**EXERCISE DETAILS:** Find and copy each line of the data that includes "wide".

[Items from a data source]
:::

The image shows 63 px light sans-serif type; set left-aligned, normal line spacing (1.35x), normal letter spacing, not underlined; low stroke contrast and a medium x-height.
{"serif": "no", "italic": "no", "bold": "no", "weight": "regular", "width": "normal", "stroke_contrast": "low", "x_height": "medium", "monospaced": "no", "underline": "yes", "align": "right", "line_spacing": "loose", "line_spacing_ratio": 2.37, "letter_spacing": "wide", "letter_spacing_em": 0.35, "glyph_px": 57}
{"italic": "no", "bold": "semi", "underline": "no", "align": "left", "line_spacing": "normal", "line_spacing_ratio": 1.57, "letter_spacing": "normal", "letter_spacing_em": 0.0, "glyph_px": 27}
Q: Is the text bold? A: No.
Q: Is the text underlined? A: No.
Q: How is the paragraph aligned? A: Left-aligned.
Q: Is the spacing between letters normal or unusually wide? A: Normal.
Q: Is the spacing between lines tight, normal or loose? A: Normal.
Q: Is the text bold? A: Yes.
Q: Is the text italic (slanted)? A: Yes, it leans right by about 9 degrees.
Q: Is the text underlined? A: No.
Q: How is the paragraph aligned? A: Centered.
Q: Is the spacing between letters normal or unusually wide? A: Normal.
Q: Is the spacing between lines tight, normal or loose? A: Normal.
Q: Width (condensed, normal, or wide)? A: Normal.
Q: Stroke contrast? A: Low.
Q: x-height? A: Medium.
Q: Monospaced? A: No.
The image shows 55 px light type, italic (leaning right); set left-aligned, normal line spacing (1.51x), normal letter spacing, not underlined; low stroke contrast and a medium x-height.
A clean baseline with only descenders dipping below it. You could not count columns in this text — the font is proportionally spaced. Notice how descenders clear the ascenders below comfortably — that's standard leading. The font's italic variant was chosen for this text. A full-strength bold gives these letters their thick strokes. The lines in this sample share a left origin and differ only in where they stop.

:::

**PROBLEM SOLUTION:**
{"serif": "no", "italic": "no", "bold": "no", "weight": "regular", "width": "normal", "stroke_contrast": "low", "x_height": "medium", "monospaced": "no", "underline": "yes", "align": "right", "line_spacing": "loose", "line_spacing_ratio": 2.37, "letter_spacing": "wide", "letter_spacing_em": 0.35, "glyph_px": 57}
Q: Is the spacing between letters normal or unusually wide? A: Normal.
Q: Is the spacing between letters normal or unusually wide? A: Normal.
Q: Width (condensed, normal, or wide)? A: Normal.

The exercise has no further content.